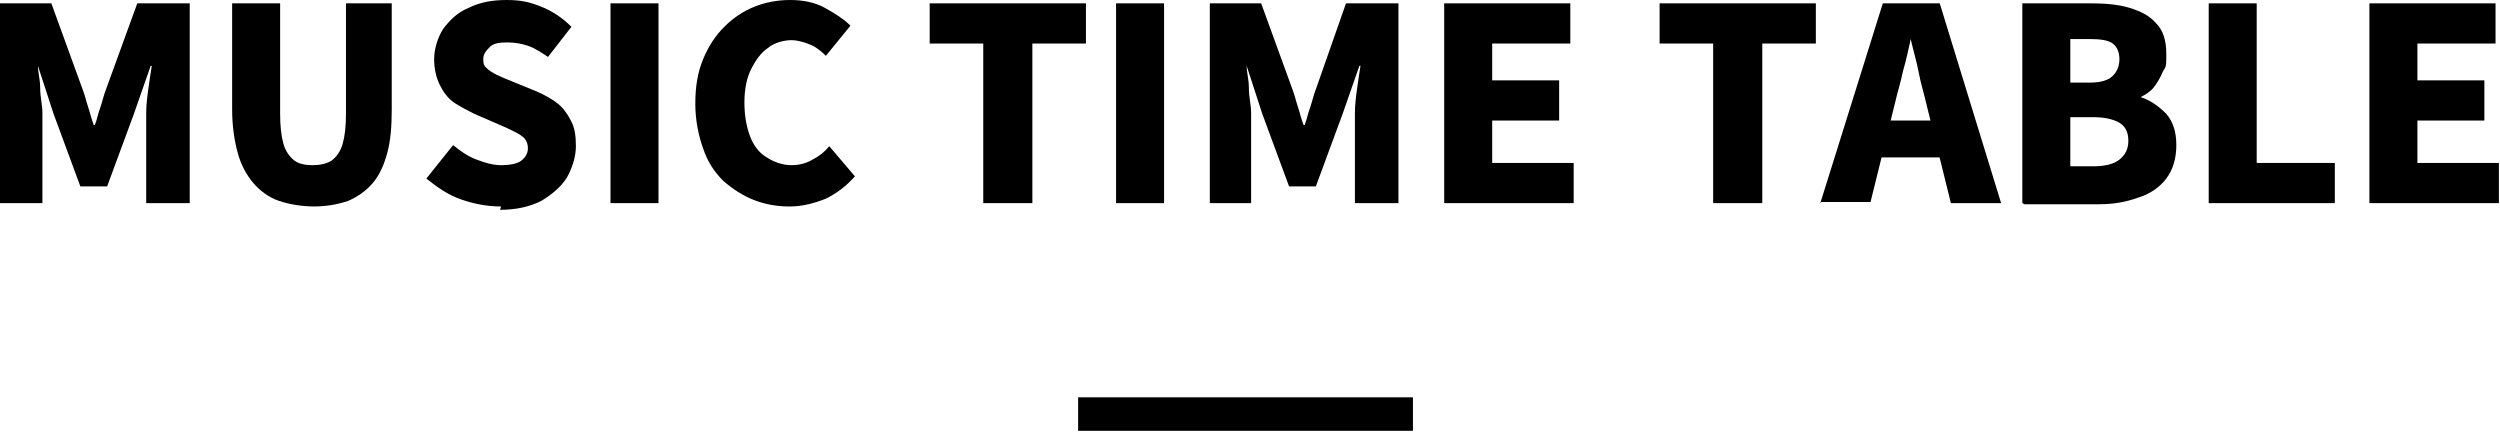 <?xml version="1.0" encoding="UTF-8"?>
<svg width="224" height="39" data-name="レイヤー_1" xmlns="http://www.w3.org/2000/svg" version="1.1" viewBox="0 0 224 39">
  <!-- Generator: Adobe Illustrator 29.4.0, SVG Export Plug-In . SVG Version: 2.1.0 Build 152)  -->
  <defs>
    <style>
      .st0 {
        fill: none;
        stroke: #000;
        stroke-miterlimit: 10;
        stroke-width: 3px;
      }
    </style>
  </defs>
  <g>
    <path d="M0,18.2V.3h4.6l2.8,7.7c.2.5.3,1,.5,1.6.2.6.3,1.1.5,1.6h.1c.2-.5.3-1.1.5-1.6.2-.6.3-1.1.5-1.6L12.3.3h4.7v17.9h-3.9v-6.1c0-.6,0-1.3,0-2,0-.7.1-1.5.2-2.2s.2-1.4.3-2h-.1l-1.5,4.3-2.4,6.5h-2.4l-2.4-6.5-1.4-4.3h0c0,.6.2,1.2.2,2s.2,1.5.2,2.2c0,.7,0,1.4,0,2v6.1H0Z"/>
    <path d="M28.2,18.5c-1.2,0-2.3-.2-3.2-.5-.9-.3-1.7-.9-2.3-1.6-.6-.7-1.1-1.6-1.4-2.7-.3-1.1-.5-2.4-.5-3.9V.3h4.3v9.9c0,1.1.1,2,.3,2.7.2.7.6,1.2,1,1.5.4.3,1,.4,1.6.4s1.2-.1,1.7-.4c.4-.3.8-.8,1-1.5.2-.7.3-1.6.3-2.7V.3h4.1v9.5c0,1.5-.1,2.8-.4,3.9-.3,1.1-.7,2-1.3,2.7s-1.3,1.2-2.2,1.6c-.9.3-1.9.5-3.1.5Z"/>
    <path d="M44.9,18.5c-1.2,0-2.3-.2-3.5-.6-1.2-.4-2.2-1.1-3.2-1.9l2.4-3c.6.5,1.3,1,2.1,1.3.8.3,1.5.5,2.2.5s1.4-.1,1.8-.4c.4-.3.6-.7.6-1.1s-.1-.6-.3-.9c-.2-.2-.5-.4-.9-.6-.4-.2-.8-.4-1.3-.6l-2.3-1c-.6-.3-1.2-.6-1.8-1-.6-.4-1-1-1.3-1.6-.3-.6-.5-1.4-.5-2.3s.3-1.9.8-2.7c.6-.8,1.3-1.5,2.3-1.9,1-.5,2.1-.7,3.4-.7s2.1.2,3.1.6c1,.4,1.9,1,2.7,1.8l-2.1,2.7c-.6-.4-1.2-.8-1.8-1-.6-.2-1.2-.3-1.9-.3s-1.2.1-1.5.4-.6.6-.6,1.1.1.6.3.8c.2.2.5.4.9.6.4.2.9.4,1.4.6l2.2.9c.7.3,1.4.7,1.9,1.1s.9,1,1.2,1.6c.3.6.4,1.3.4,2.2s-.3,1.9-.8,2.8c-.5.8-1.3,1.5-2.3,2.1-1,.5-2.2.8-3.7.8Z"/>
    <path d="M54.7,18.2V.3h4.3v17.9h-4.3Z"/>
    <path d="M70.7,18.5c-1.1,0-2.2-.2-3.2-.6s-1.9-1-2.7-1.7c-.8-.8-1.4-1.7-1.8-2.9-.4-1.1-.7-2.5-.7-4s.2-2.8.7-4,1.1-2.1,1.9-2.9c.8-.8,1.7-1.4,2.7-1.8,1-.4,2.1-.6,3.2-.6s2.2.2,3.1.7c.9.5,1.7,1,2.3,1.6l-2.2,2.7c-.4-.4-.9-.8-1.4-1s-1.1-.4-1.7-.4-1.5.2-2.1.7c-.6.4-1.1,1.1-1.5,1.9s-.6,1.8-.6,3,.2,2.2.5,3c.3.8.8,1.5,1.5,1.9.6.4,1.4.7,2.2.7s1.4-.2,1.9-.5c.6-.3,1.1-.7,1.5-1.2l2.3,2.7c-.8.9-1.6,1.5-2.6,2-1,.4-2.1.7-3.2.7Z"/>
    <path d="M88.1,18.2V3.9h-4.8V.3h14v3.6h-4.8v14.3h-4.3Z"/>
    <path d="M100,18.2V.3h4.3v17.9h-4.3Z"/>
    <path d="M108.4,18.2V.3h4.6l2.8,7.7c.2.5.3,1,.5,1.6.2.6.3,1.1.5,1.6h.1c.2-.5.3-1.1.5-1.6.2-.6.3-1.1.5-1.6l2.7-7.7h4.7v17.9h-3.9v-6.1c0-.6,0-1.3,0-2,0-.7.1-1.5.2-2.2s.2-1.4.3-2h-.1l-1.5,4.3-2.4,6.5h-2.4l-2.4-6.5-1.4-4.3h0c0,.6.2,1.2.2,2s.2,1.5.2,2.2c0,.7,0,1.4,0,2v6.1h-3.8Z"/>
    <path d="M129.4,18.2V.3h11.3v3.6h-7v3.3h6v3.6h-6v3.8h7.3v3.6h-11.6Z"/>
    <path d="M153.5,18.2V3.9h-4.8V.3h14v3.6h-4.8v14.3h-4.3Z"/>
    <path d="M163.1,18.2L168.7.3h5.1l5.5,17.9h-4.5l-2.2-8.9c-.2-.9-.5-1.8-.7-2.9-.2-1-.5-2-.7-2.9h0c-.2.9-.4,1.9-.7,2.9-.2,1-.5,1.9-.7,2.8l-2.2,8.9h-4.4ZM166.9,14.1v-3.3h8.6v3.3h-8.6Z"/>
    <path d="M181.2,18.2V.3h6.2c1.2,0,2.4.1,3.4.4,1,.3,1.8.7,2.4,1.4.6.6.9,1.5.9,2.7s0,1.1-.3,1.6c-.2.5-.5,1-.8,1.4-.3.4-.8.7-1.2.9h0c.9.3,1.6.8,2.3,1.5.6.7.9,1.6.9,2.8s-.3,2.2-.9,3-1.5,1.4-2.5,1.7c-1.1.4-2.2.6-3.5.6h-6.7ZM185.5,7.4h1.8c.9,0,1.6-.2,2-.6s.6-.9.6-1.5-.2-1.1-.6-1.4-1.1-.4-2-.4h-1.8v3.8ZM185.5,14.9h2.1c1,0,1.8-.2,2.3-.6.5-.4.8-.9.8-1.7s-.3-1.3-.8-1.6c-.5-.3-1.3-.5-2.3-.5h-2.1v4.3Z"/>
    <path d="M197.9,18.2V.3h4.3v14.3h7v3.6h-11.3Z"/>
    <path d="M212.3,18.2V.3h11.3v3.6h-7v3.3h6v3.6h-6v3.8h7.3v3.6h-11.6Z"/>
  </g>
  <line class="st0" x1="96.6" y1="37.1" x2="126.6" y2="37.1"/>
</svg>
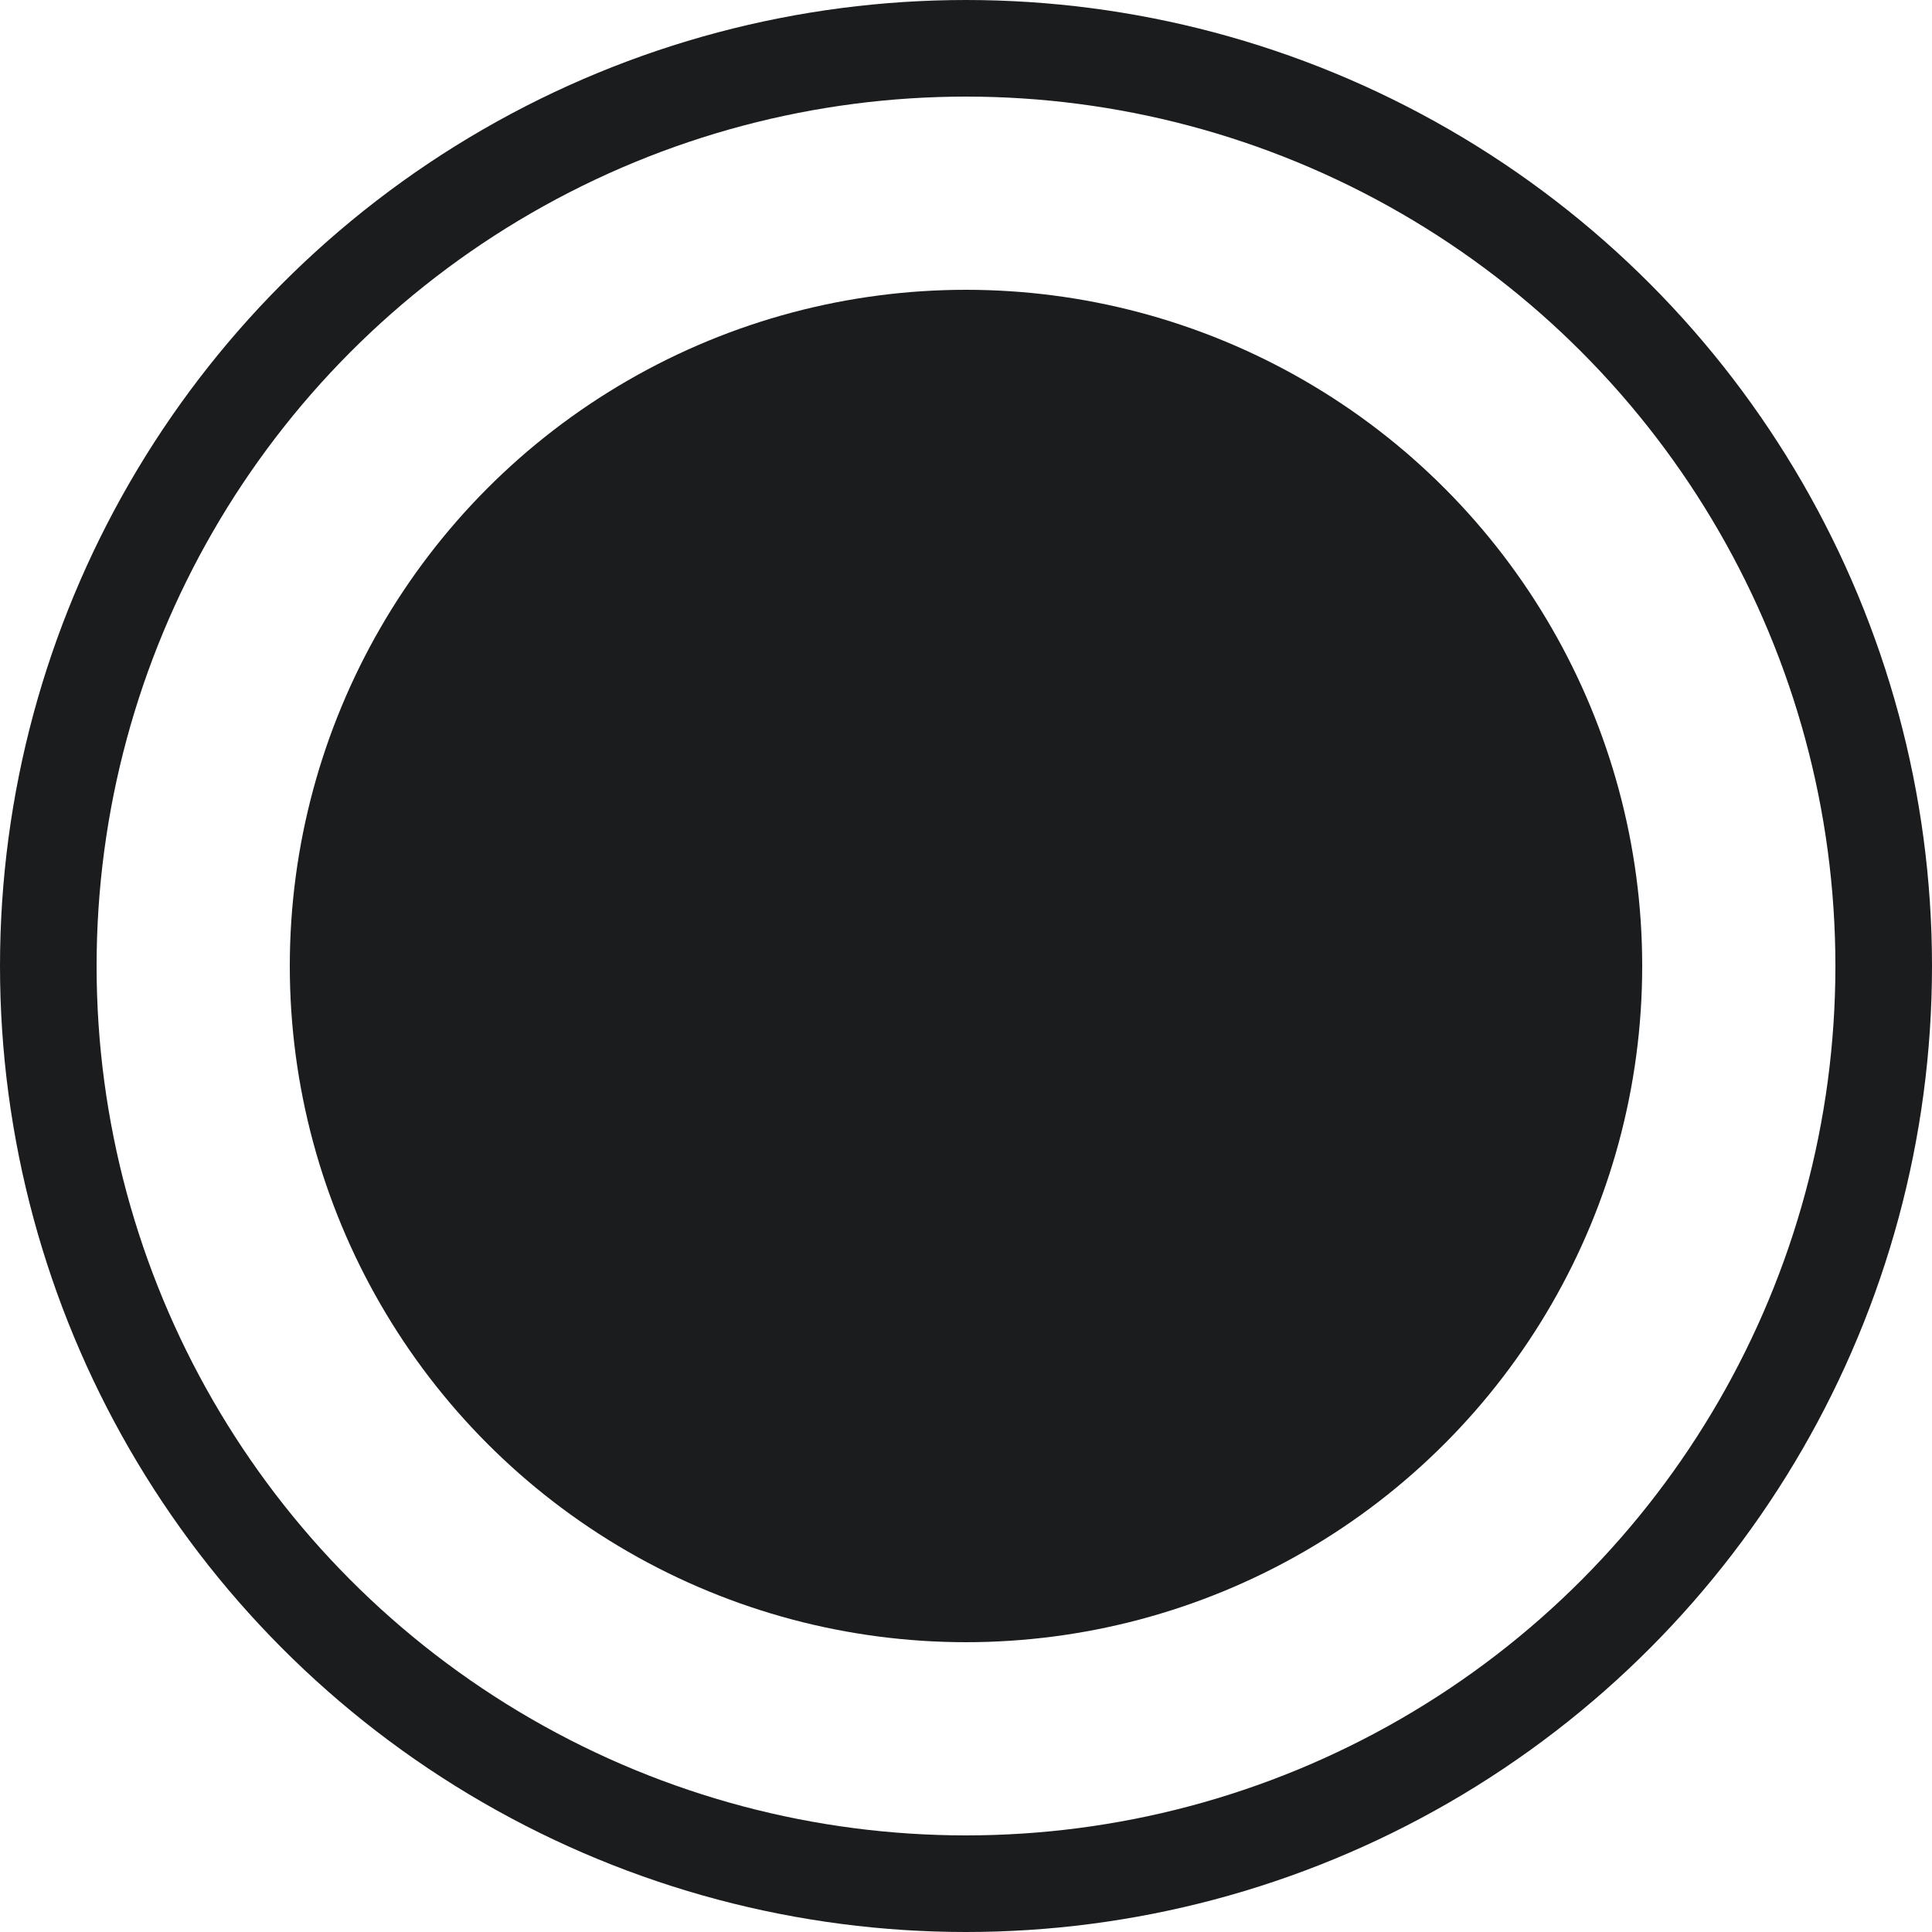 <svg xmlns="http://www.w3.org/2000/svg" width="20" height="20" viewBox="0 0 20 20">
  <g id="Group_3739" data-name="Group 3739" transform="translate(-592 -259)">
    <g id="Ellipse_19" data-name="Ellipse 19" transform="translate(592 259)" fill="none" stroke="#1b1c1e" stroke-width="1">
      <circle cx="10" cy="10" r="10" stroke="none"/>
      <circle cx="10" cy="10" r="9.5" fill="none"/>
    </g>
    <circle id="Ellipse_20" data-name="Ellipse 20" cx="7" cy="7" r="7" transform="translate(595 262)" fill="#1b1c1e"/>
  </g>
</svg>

* [Work to be completed]:
What lines in the data above contain the word "circle"? Copy them all.

* [Your response]:
      <circle cx="10" cy="10" r="10" stroke="none"/>
      <circle cx="10" cy="10" r="9.5" fill="none"/>
    <circle id="Ellipse_20" data-name="Ellipse 20" cx="7" cy="7" r="7" transform="translate(595 262)" fill="#1b1c1e"/>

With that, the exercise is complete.